# New 826 OAE User - Autosteer Question



## spiff72 (Jan 18, 2020)

Hello all - first post from a new member...

I just used my new 826 OAE for the second time today and I am not convinced I am a fan of the auto steer on this thing. It is tricky to control on my half-circle driveway. I find that I have fighting to keep it on a consistent line (or more accurately a consistent curve) as I follow the perimeter of my driveway. I have to assume that this is the nature of the auto steer - since I am following a curve and not going in a straight line, the diff is opening up and wanting to make a harder turn than I want to.

I adjusted the skids today because the first time out I picked up a lot of gravel at the base of my driveway (which isn't paved), and I made sure the pressure in both tires was the same (15 PSI). I know now that this is below the spec from the manual (17-20 psi), so I will adjust this to a higher pressure next time out. They were about 20 and 23 to start.

Is this just the nature of the beast in this case? My previous snow blower was a Toro Power Throw 622, which I had pulled the pin from one side after the first or second use, and it stayed that way for the 20 years I owned it. I was used to the steering on that one after so many years, so maybe this is just something that takes getting used to? This one is a lot heavier and larger than the 622, so I hoped the auto steer would work for me.

Any thoughts or recommendations? Should I just pull a pin on this one and see if that helps (assuming that this is possible)? I haven't checked to see if there is a pin to pull on these wheels.

Thanks!


----------



## Kiss4aFrog (Nov 3, 2013)

:welcome: to SBF spiff72

I don't have any experience with Toro auto steer so I'll let someone who has take this one.

.


----------



## minnesotaman82 (Sep 19, 2017)

I have the same exact same 826 with auto steer. The auto steer was OK when I first got it but after reading advice from people on this site I switched out the standard steel skid shoes that came with it for some Toro poly skid shoes. It made all the difference. Basically transformed the snowblower and how the auto steer performed. The poly skid shoes slide much easier and makes the auto steer behave MUCH better. I don’t know why all auto steer snowblowers aren’t equipped with poly skids from the factory.


Sent from my iPhone using Tapatalk


----------



## penna stogey (Nov 25, 2019)

Throwing the welcome mat from Gettysburg, Penna...


----------



## spiff72 (Jan 18, 2020)

minnesotaman82 said:


> I have the same exact same 826 with auto steer.
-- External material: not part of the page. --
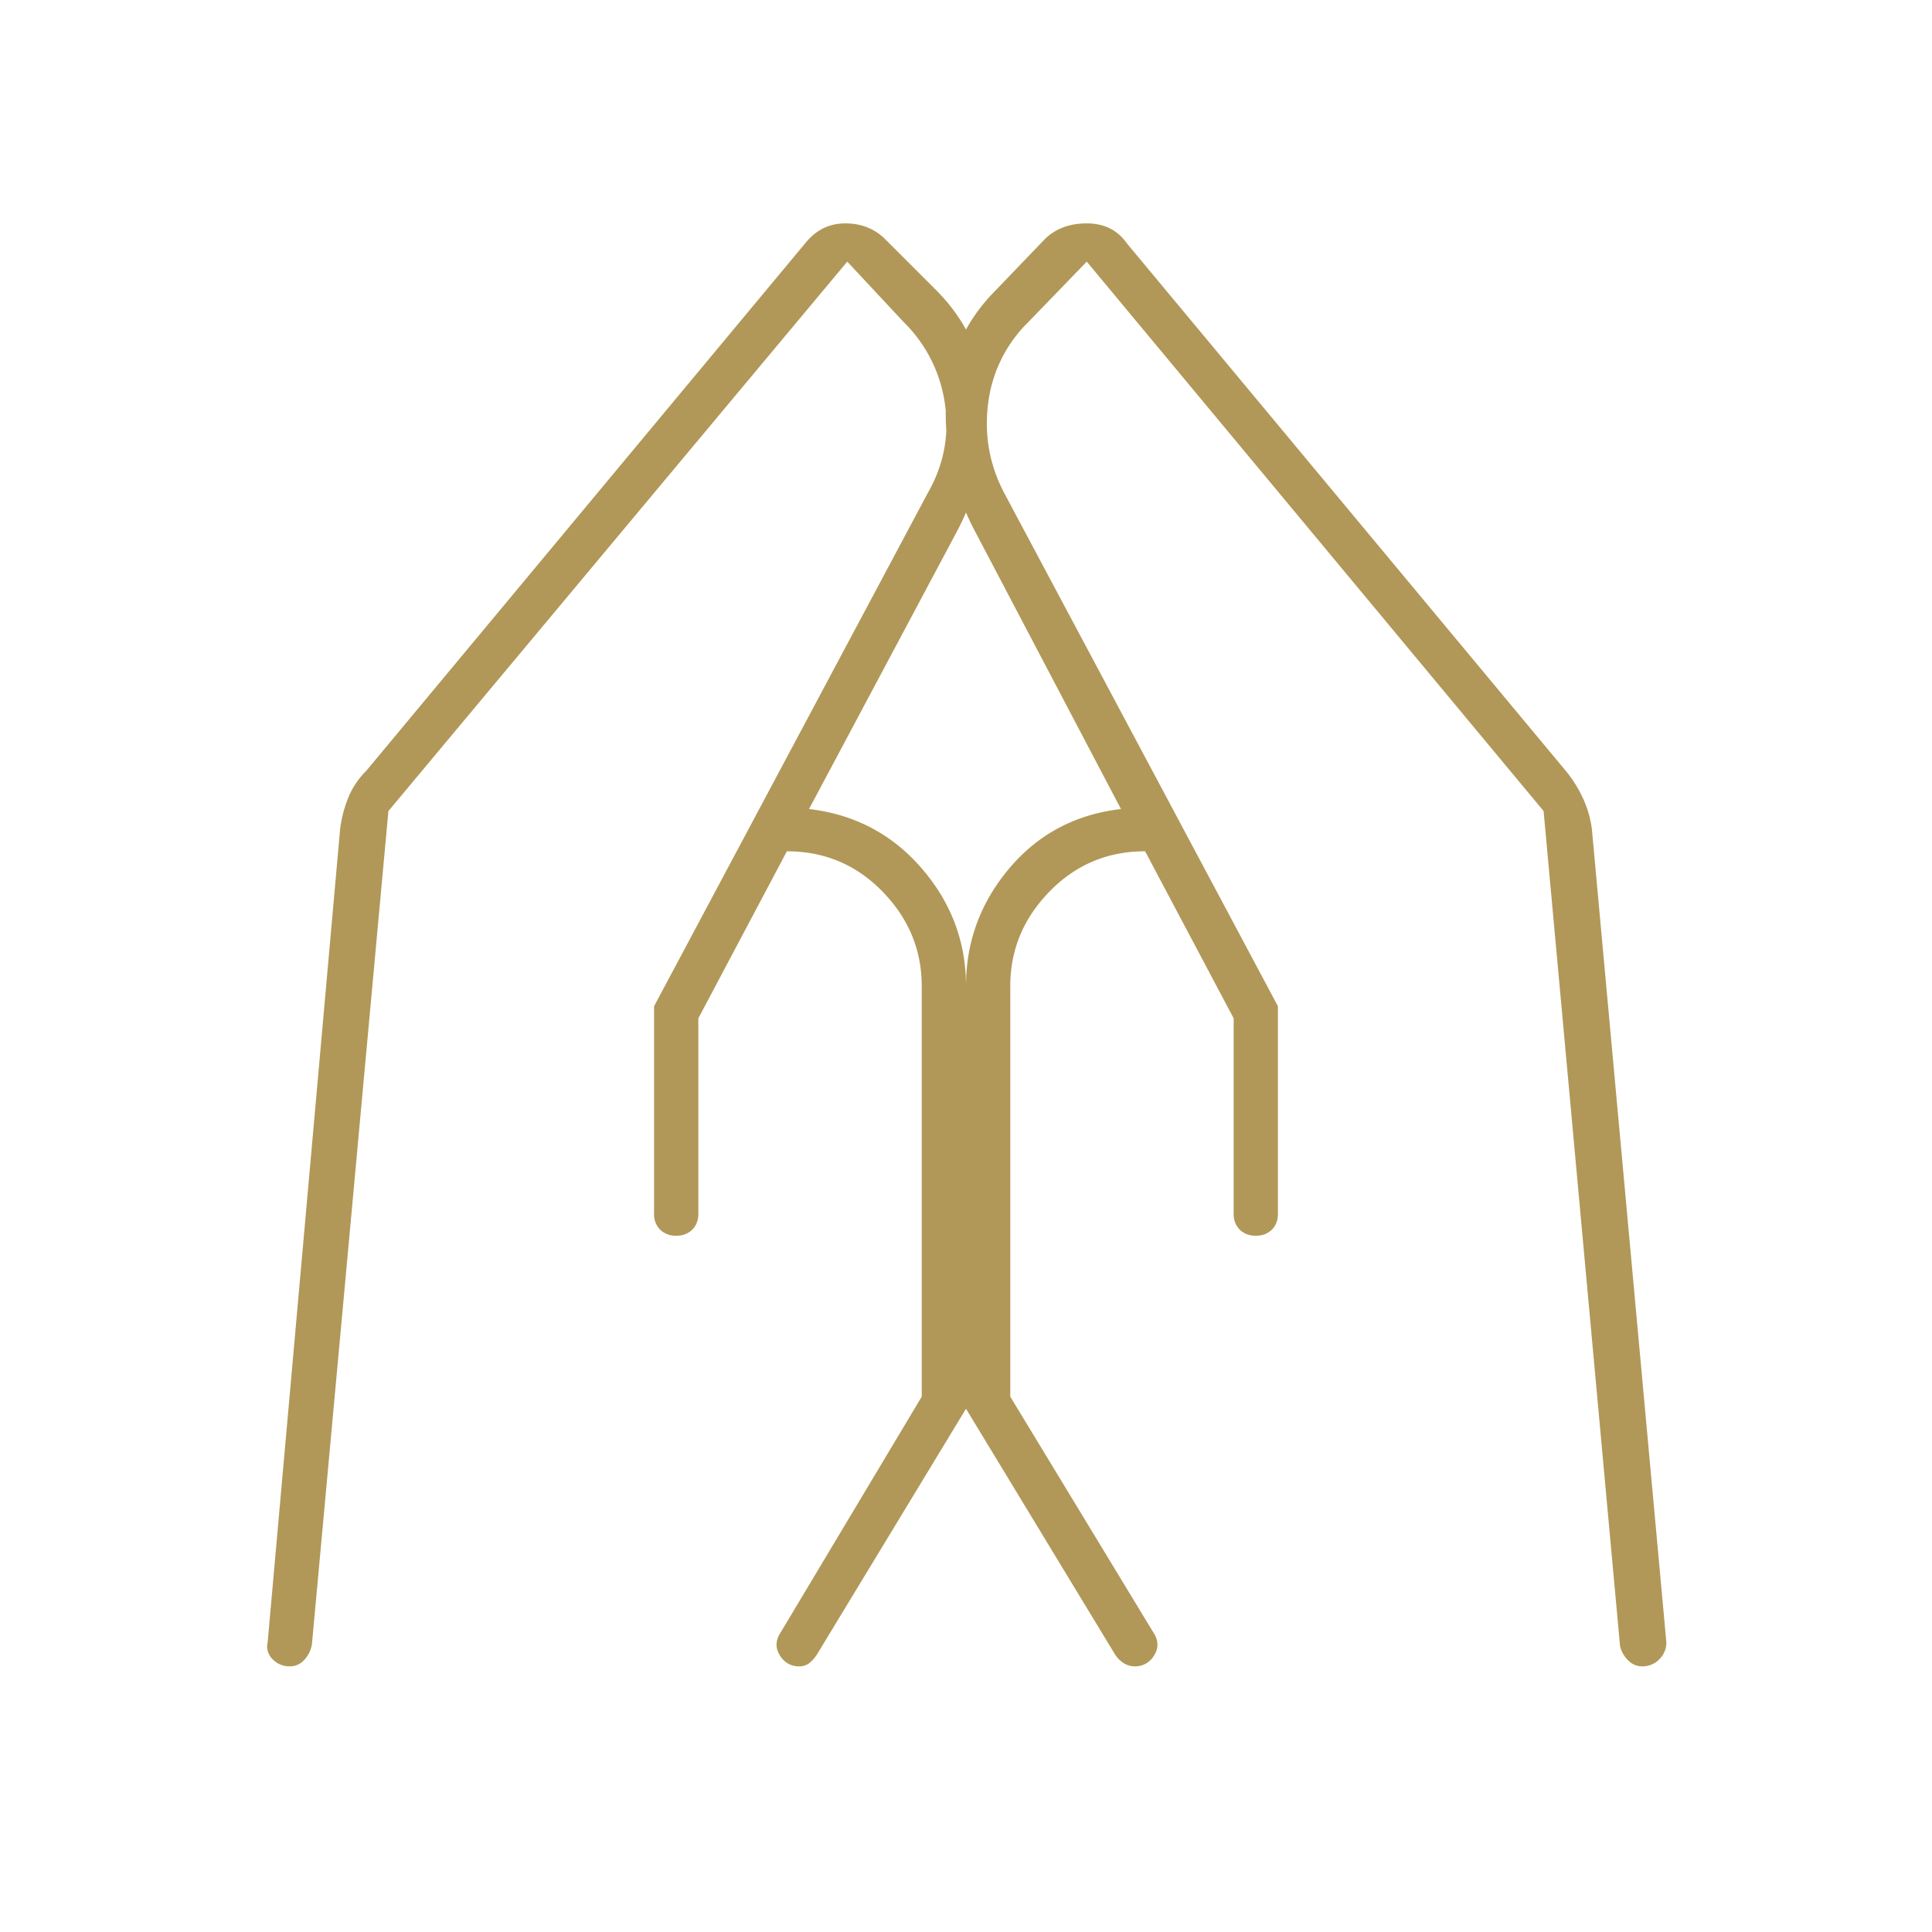 <svg width="48" height="48" fill="none" xmlns="http://www.w3.org/2000/svg"><mask id="a" style="mask-type:alpha" maskUnits="userSpaceOnUse" x="0" y="0" width="48" height="48"><path fill="#D9D9D9" d="M0 0h48v48H0z"/></mask><g mask="url(#a)"><path d="M31.75 25v5.15c0 .167-.05.3-.15.4a.54.54 0 0 1-.4.15.54.54 0 0 1-.4-.15.54.54 0 0 1-.15-.4V25.3l-2.2-4.15c-.933 0-1.725.333-2.375 1-.65.667-.975 1.45-.975 2.35v10.2l3.55 5.85c.133.2.142.392.025.575a.538.538 0 0 1-.475.275.524.524 0 0 1-.275-.075.722.722 0 0 1-.225-.225L24 35V24.5c0-1.1.358-2.075 1.075-2.925.716-.85 1.641-1.342 2.775-1.475l-3.6-6.85a6.244 6.244 0 0 1-.75-3.175c.033-1.117.45-2.075 1.25-2.875l1.2-1.25c.266-.267.617-.4 1.05-.4.433 0 .767.166 1 .5l10.9 13.1c.166.2.308.425.425.675.116.25.191.508.225.775l1.85 20.2a.579.579 0 0 1-.175.425.578.578 0 0 1-.425.175.48.48 0 0 1-.35-.15.742.742 0 0 1-.2-.35l-1.9-20.75L27 6.5 25.55 8a3.402 3.402 0 0 0-1 2.025c-.1.783.033 1.525.4 2.225L31.75 25Zm-15.5 0 6.8-12.75c.4-.7.541-1.442.425-2.225A3.532 3.532 0 0 0 22.45 8l-1.4-1.5-11.4 13.65-1.9 20.7a.76.76 0 0 1-.2.4.48.48 0 0 1-.35.15.579.579 0 0 1-.425-.175.444.444 0 0 1-.125-.425l1.8-20.2c.033-.267.1-.525.2-.775s.25-.475.45-.675L20 6.05c.266-.334.6-.5 1-.5s.733.133 1 .4l1.25 1.25c.8.8 1.216 1.758 1.25 2.875a6.244 6.244 0 0 1-.75 3.175L20.1 20.1c1.133.133 2.066.625 2.8 1.475.733.85 1.1 1.825 1.1 2.925V35l-3.7 6.1a.908.908 0 0 1-.2.225.405.405 0 0 1-.25.075.538.538 0 0 1-.475-.275c-.117-.184-.109-.375.025-.575l3.5-5.85V24.5c0-.9-.325-1.683-.975-2.35-.65-.667-1.442-1-2.375-1l-2.2 4.15v4.85c0 .167-.05.3-.15.4a.54.54 0 0 1-.4.15.54.54 0 0 1-.4-.15.54.54 0 0 1-.15-.4V25Z" fill="#B19858"/></g></svg>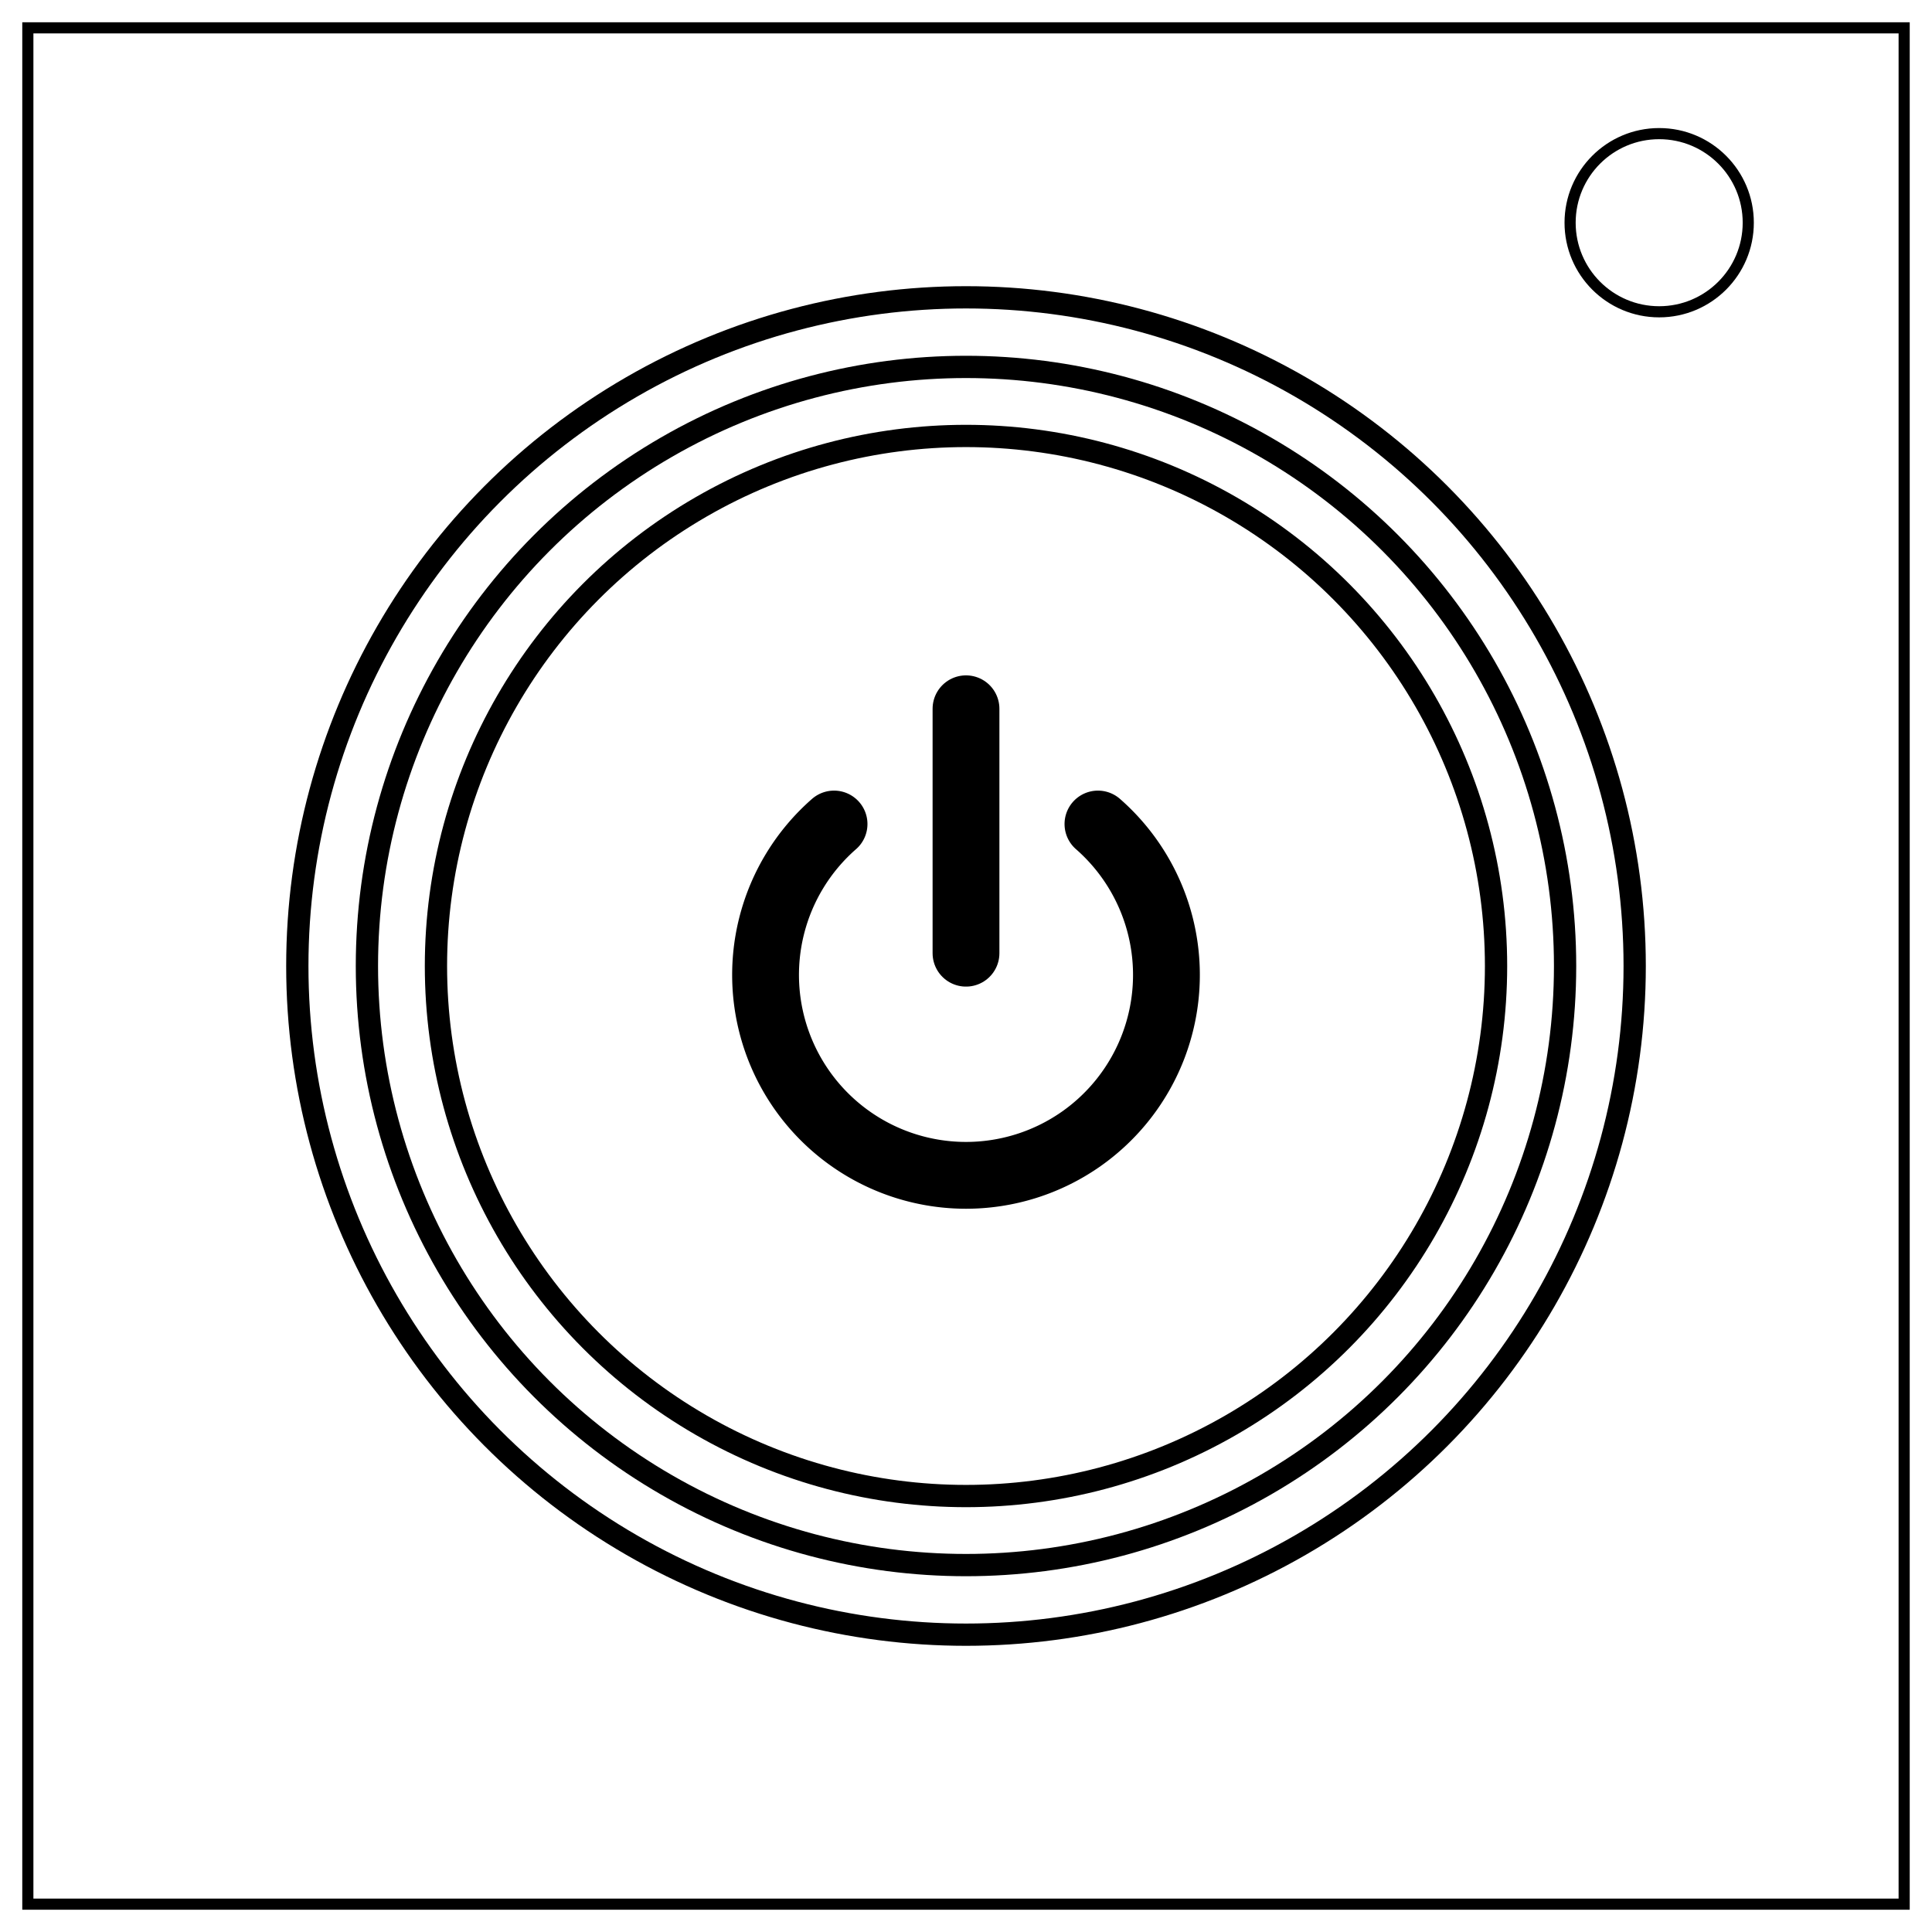 <svg xmlns="http://www.w3.org/2000/svg" viewBox="0 0 347 347"><style>.st0,.st1{fill:none;stroke:#000;stroke-width:2}.st1{stroke-width:4}</style><path d="M5 5h337v337H5z" class="st0"/><circle cx="298" cy="40" r="16" class="st0"/><circle cx="173.5" cy="173.5" r="120.1" class="st1"/><circle cx="173.5" cy="173.5" r="95.2" class="st1"/><path fill="none" stroke="#000" stroke-linecap="round" stroke-width="12" d="M197.2 148a36 36 0 1 1-47.4 0"/><circle cx="173.5" cy="173.5" r="107.6" class="st1"/><path stroke="#000" stroke-linecap="round" stroke-width="12" d="M173.5 127.3v43.9"/></svg>

The auto steer was OK when I first got it but after reading advice from people on this site I switched out the standard steel skid shoes that came with it for some Toro poly skid shoes. It made all the difference. Basically transformed the snowblower and how the auto steer performed. The poly skid shoes slide much easier and makes the auto steer behave MUCH better. I don’t know why all auto steer snowblowers aren’t equipped with poly skids from the factory.
> 
> 
> Sent from my iPhone using Tapatalk


Thanks - I will look into getting a pair of those.

My other issue is that the engine surges when under load. (Which seems to be the opposite problem that most people seem to have (surging at idle). I need to look into this one a bit more. The gas is only about 2 months old (bought this new and bought new gas and put Stabil in it, and then waited 2 months for snow to come (to be expected when buying a new snowblower!).

I might have to post this one in a new thread to see if it gets any suggestions.


----------